Dataset entries
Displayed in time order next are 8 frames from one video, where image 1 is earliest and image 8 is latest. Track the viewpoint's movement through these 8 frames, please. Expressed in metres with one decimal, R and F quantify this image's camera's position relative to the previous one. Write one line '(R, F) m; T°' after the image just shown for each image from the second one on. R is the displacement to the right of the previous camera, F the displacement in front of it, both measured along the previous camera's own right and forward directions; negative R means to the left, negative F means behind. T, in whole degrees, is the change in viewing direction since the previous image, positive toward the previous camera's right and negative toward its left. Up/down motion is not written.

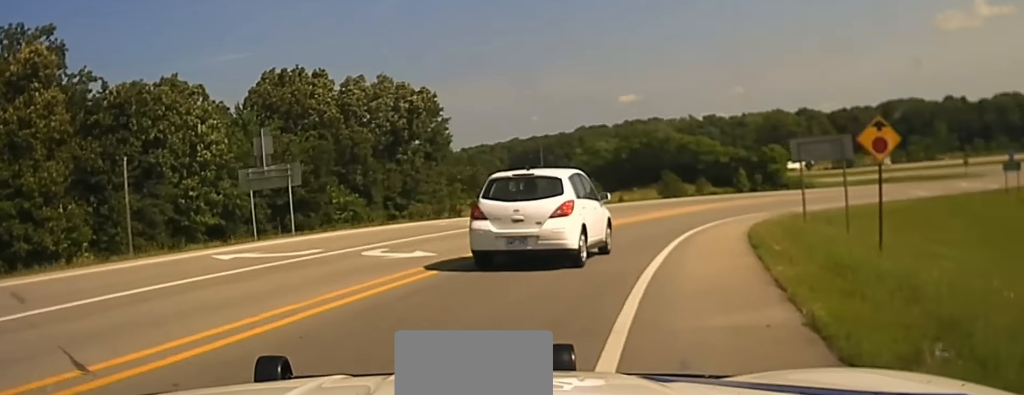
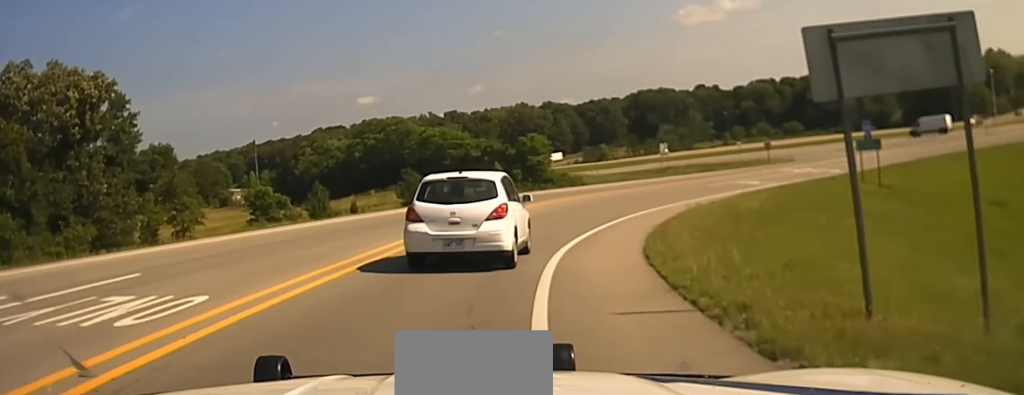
(+3.3, +17.5) m; +18°
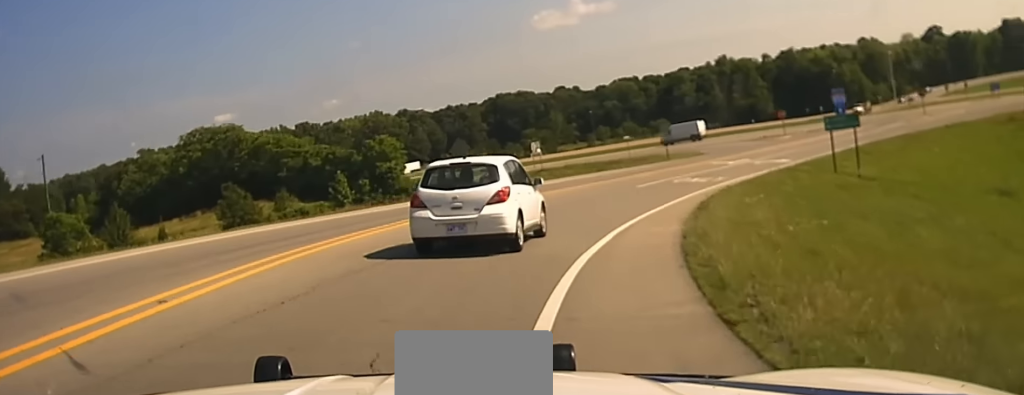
(+1.4, +16.4) m; +10°
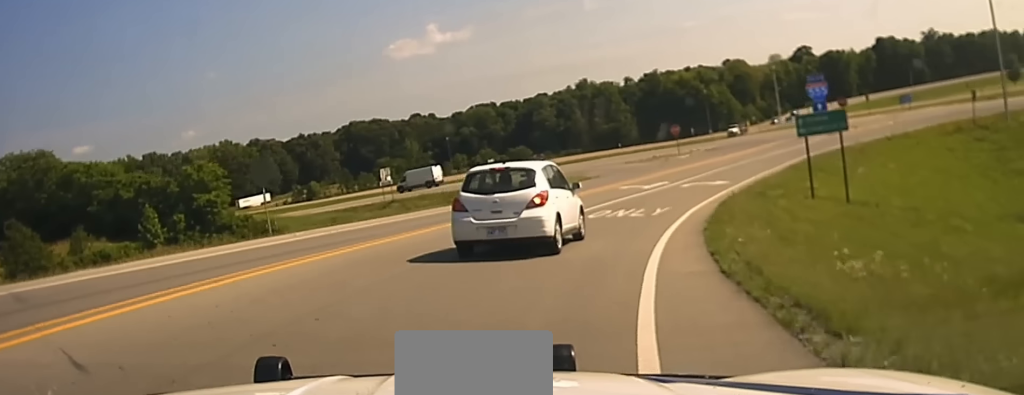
(+0.9, +14.8) m; +9°
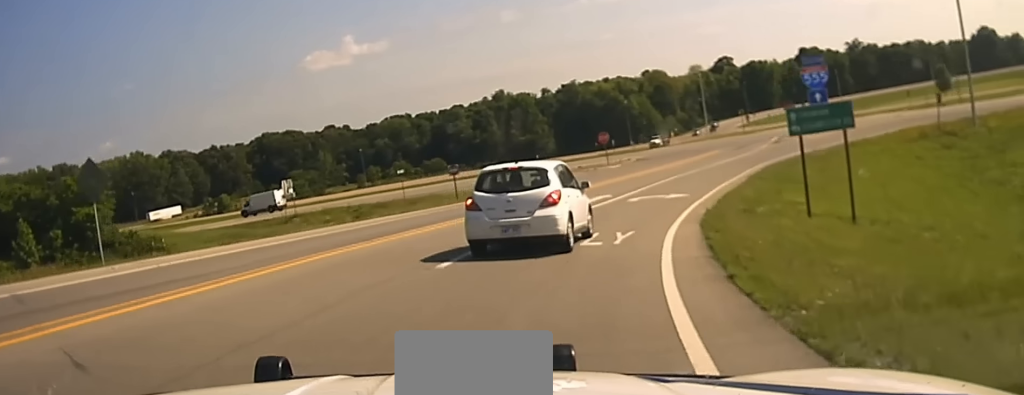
(+0.7, +8.2) m; +5°
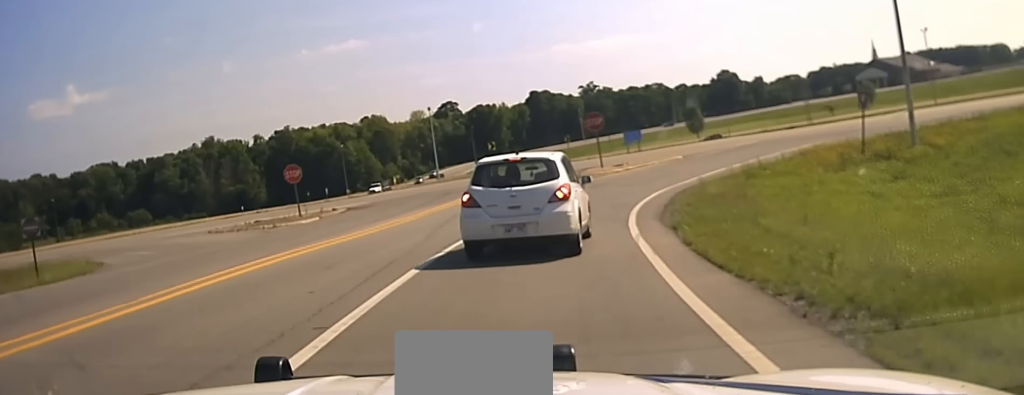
(+4.0, +27.4) m; +19°
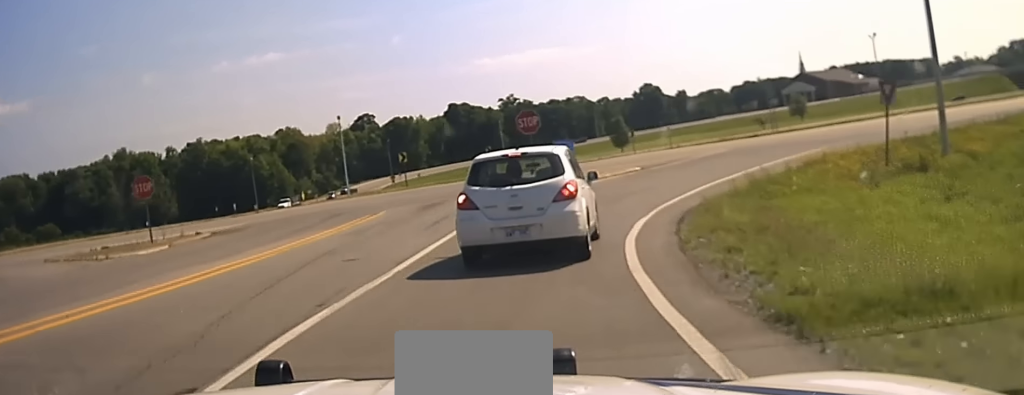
(+1.2, +10.1) m; +5°
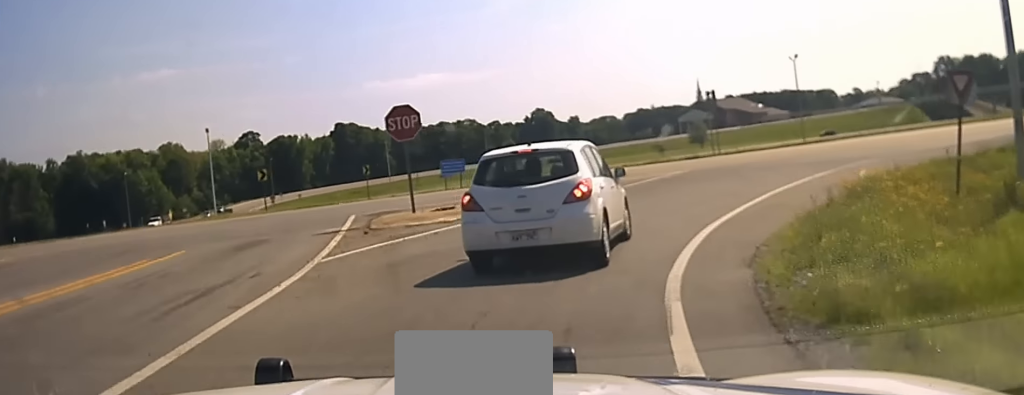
(+0.6, +10.8) m; +8°
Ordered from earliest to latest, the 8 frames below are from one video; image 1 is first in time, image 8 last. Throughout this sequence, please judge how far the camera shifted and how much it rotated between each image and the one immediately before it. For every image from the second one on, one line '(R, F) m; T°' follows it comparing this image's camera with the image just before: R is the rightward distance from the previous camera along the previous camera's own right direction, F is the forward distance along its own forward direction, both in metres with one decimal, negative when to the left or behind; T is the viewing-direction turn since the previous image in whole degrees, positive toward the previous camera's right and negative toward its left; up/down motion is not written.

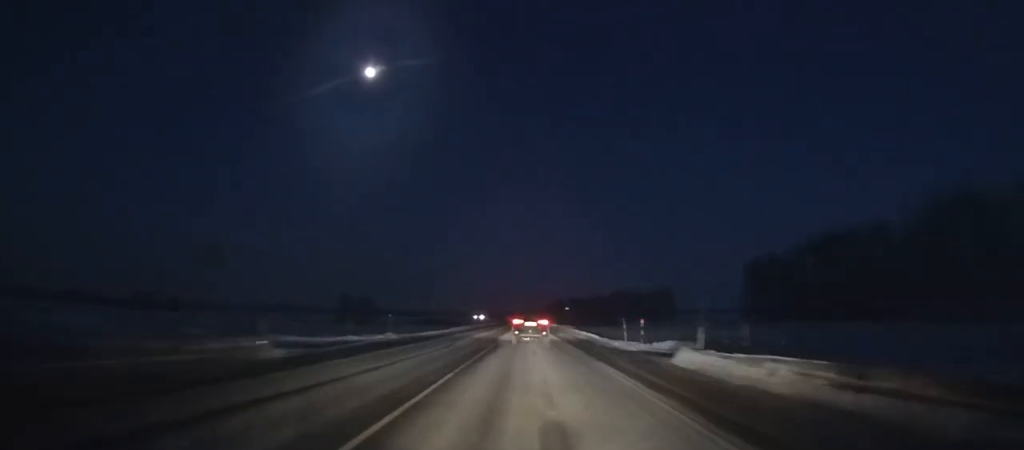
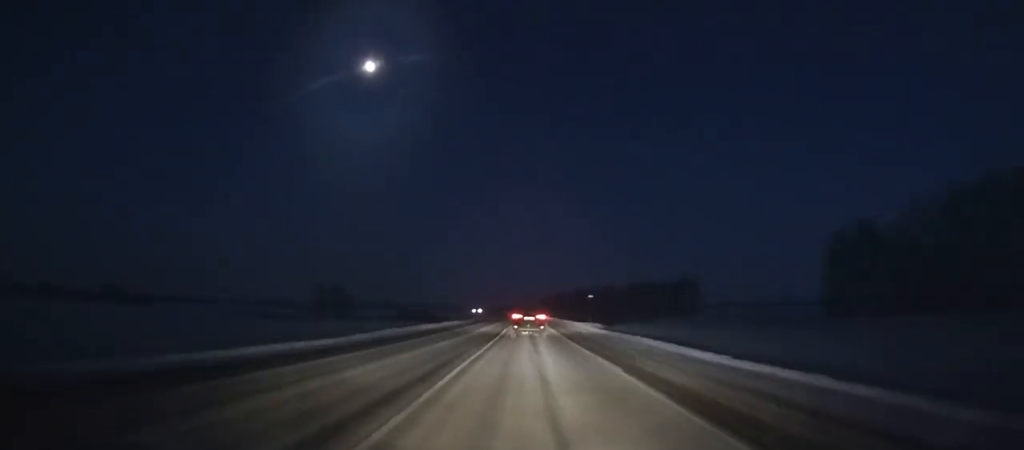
(+0.1, +39.3) m; 0°
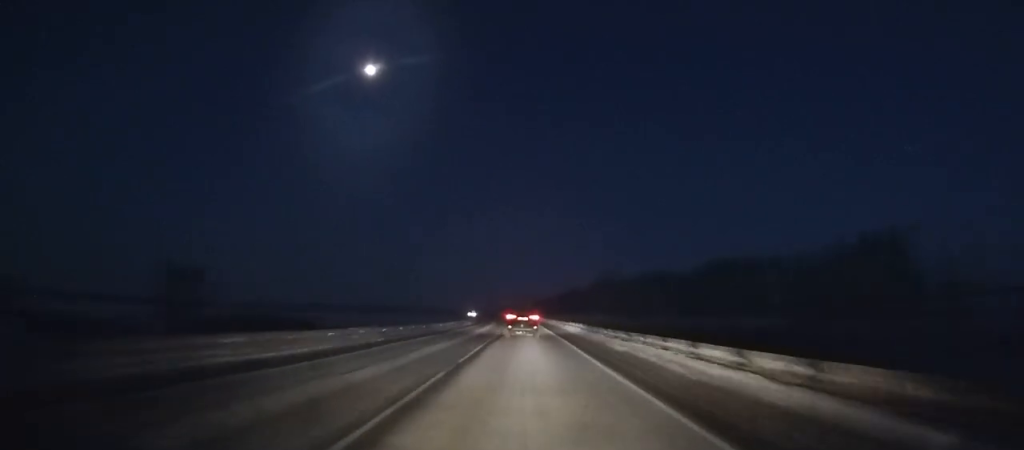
(-0.6, +128.3) m; 0°
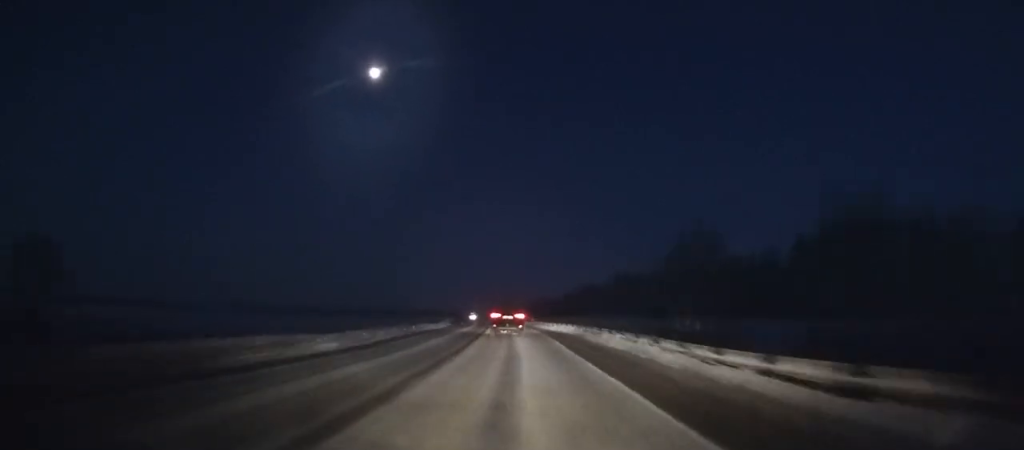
(-0.2, +54.1) m; -1°
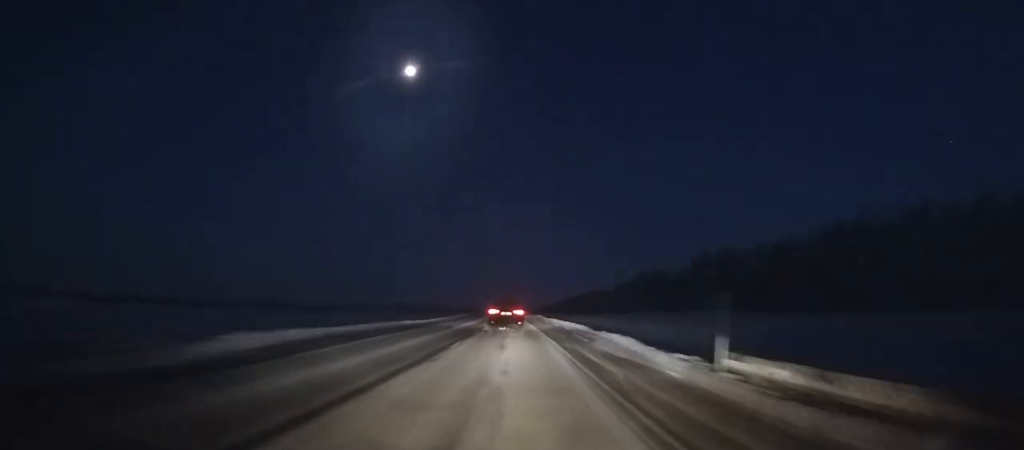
(-1.3, +68.8) m; -2°
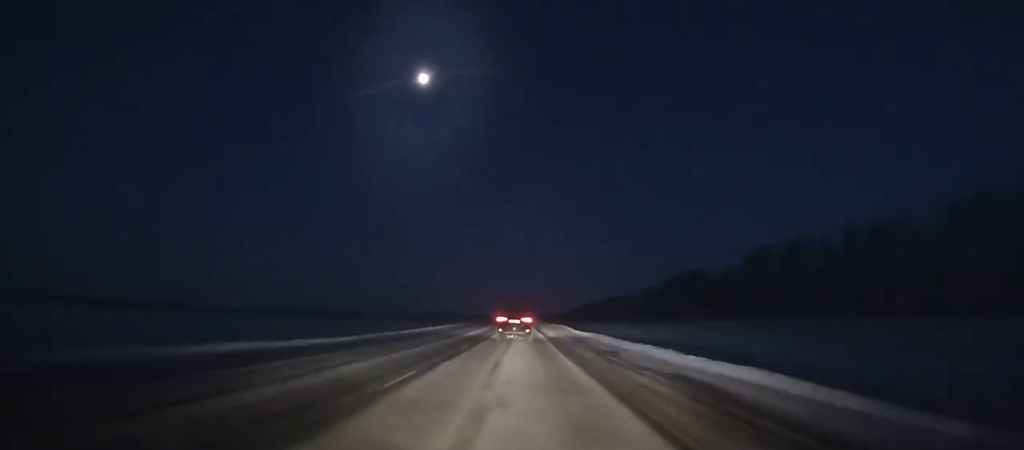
(-0.4, +32.7) m; -1°
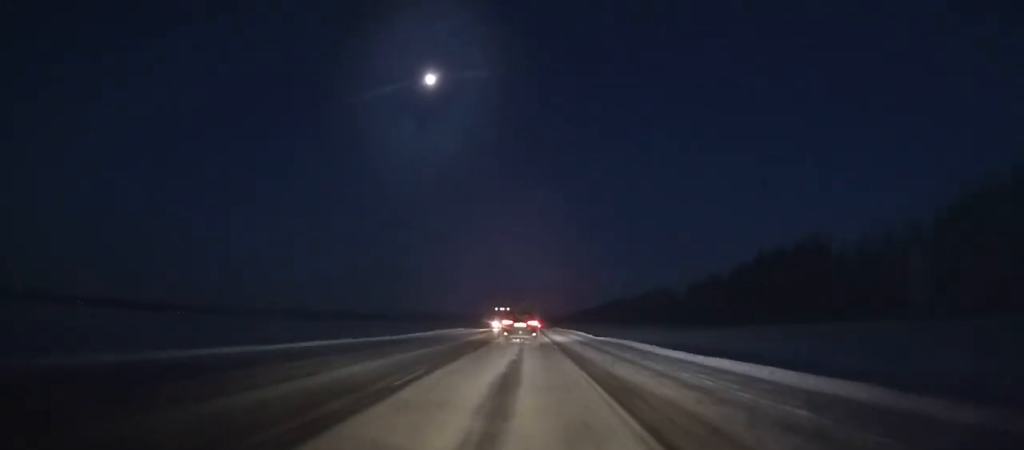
(-1.3, +70.8) m; -1°
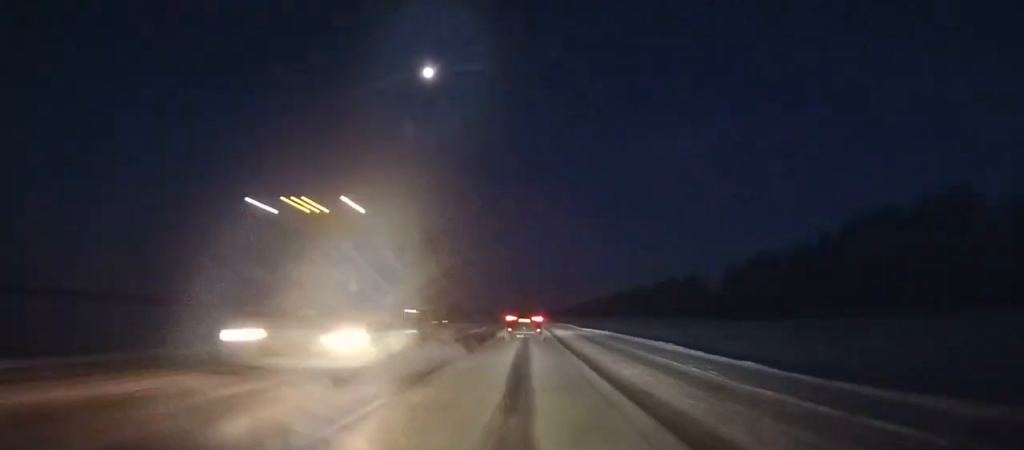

> **Exercise**
When you print the entries, keep every line exactly as it is and drop the pictures.

> **Solution below**
Displayed in time order next are 8 frames from one video, where image 1 is earliest and image 8 is latest. Track the viewpoint's movement through these 8 frames, please. Expressed in metres with one decimal, R and F quantify this image's camera's position relative to the previous one. Write one line '(R, F) m; T°' after the image just shown for each image from the second one on. R is the displacement to the right of the previous camera, F the displacement in front of it, both measured along the previous camera's own right and forward directions; negative R means to the left, negative F means behind. T, in whole degrees, is the change in viewing direction since the previous image, positive toward the previous camera's right and negative toward its left. Up/down motion is not written.

(+3.3, +17.5) m; +18°
(+1.4, +16.4) m; +10°
(+0.9, +14.8) m; +9°
(+0.7, +8.2) m; +5°
(+4.0, +27.4) m; +19°
(+1.2, +10.1) m; +5°
(+0.6, +10.8) m; +8°
Ordered from earliest to latest, the 8 frames below are from one video; image 1 is first in time, image 8 last. Throughout this sequence, please judge how far the camera shifted and how much it rotated between each image and the one immediately before it. For every image from the second one on, one line '(R, F) m; T°' follows it comparing this image's camera with the image just before: R is the rightward distance from the previous camera along the previous camera's own right direction, F is the forward distance along its own forward direction, both in metres with one decimal, negative when to the left or behind; T is the viewing-direction turn since the previous image in whole degrees, positive toward the previous camera's right and negative toward its left; up/down motion is not written.

(+0.1, +39.3) m; 0°
(-0.6, +128.3) m; 0°
(-0.2, +54.1) m; -1°
(-1.3, +68.8) m; -2°
(-0.4, +32.7) m; -1°
(-1.3, +70.8) m; -1°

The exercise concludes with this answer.